Pierre Jeambrun a été avant tout un ami fidèle, fidèle à celui qu'il surnomma affectueusement « l'homme aux sept visages », fidèle à une certaine conception de l'Europe et de la République que, précisément, Edgar Faure incarnait.
Les longues heures de travail, les allers et retours dans les trains, les permanences, les épreuves, mais aussi les satisfactions : telle est la vie des élus du peuple, la vie de leurs collaborateurs, la vie des femmes et des hommes qui donnent leur temps, leur énergie et leur volonté au service des autres, de leur région et de leurs convictions.
Au nom du Gouvernement de la République, je veux adresser à l'épouse de Pierre Jeambrun, à ses trois enfants ainsi qu'à ses proches mes condoléances les plus sincères.
M. le président.

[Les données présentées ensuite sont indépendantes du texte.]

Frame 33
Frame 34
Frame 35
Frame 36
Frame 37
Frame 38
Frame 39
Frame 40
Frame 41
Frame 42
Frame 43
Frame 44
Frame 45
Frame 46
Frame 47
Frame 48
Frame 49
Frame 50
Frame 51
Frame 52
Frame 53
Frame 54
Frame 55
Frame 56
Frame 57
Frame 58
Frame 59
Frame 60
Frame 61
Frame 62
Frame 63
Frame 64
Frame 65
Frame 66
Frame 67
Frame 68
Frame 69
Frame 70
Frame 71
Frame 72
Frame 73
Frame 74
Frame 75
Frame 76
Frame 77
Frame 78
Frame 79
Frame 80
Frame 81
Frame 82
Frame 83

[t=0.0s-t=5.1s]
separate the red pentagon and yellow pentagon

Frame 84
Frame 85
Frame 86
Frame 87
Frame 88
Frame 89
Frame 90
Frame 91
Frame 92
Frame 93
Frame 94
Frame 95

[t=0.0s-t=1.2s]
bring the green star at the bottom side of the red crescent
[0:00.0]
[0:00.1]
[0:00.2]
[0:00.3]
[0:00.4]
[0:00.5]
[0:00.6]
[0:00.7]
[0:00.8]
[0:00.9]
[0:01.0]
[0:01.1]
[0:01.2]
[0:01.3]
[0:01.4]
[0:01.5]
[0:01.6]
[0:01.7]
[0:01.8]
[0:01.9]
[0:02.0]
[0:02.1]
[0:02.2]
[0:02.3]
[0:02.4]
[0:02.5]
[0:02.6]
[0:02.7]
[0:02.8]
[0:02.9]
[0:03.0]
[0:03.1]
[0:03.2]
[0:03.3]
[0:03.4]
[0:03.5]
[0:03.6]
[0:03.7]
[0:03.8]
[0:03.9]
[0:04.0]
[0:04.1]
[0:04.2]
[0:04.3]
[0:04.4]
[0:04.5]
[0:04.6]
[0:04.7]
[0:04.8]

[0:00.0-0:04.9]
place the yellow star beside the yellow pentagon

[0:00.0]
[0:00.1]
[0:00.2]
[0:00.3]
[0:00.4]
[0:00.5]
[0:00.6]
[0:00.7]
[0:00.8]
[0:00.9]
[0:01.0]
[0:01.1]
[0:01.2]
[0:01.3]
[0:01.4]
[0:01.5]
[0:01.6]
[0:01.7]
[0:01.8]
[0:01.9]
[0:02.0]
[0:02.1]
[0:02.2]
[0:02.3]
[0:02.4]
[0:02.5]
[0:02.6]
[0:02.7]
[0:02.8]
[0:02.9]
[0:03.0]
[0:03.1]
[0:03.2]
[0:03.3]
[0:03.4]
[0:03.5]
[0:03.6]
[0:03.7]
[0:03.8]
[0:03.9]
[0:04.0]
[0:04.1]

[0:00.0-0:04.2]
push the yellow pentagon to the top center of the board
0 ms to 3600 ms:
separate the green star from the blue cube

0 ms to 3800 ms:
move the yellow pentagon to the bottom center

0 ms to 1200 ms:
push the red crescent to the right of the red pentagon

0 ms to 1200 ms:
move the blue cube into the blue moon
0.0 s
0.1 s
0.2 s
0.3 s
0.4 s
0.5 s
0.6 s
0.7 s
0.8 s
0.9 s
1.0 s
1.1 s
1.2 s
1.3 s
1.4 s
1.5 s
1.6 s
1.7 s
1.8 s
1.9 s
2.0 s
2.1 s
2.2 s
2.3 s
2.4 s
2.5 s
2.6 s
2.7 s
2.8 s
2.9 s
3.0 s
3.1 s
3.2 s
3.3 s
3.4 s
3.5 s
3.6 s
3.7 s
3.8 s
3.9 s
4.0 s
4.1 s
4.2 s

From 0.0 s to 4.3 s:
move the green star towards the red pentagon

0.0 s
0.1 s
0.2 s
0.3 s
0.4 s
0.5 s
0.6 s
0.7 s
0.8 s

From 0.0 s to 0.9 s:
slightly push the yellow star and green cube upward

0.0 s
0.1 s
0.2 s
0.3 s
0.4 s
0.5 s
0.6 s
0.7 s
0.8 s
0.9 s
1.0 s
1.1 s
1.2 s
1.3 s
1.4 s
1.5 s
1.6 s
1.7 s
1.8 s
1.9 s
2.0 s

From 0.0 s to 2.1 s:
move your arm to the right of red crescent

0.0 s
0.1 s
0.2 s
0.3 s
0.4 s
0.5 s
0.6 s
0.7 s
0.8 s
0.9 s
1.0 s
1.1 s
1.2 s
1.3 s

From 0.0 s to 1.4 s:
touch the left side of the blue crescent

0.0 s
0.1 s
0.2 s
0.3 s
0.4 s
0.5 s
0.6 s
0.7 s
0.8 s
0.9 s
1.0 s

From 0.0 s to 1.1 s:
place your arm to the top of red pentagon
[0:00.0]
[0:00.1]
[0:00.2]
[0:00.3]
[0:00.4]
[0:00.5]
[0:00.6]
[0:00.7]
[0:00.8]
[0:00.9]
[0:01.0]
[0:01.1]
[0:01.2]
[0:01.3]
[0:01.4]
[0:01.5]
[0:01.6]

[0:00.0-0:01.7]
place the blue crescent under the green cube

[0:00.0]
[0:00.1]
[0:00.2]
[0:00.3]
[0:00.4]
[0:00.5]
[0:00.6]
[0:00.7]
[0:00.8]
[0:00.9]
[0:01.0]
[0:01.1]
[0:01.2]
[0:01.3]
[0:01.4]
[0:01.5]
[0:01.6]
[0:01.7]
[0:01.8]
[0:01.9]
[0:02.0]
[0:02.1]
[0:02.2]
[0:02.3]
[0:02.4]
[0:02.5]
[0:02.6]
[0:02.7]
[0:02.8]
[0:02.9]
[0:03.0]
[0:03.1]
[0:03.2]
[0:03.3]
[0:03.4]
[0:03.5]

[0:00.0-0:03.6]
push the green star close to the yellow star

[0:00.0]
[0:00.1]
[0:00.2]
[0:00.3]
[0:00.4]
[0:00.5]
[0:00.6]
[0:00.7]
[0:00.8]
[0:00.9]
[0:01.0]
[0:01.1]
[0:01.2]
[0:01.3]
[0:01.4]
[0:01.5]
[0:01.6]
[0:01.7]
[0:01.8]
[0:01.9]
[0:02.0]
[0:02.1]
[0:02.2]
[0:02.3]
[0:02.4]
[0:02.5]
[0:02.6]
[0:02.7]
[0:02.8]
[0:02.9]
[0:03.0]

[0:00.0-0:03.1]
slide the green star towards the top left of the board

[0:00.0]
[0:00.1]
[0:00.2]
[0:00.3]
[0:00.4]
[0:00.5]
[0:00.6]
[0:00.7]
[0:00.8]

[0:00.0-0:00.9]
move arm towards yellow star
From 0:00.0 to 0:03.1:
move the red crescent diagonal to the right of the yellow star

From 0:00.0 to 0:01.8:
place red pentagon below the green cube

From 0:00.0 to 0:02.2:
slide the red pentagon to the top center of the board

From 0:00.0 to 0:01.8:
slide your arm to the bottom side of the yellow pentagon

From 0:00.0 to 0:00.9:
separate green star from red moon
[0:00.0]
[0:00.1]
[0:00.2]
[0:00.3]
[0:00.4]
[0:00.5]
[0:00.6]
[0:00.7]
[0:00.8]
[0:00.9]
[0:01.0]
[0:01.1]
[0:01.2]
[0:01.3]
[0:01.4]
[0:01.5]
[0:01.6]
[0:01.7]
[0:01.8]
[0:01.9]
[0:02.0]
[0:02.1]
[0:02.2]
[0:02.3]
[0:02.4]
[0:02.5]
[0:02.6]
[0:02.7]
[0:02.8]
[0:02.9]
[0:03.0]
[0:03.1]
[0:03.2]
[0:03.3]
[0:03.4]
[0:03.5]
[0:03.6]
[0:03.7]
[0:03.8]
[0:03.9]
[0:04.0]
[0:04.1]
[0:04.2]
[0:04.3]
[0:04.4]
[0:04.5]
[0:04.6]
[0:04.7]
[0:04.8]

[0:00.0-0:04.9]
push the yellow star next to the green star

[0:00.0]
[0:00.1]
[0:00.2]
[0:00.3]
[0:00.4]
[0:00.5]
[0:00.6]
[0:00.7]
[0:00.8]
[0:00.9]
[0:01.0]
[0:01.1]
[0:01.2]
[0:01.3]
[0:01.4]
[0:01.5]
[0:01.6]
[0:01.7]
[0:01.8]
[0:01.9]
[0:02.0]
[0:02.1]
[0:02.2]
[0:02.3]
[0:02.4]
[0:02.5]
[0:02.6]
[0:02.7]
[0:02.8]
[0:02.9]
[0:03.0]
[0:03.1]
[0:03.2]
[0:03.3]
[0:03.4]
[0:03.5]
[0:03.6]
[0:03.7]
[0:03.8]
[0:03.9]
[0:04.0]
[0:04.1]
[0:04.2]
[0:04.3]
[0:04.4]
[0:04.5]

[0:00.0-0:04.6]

Monsieur le ministre, mes chers collègues, je vous invite à observer, à la mémoire de Pierre Jeambrun, une minute de silence. (M. le ministre, Mmes et MM. les sénateurs observent une minute de silence.)
Mes chers collègues, selon la tradition, nous allons interrompre nos travaux pendant quelques instants pour me permettre de saluer la famille de Pierre Jeambrun.
La séance est suspendue.
(La séance, suspendue à seize heures quinze, est reprise à seize heures trente-cinq.)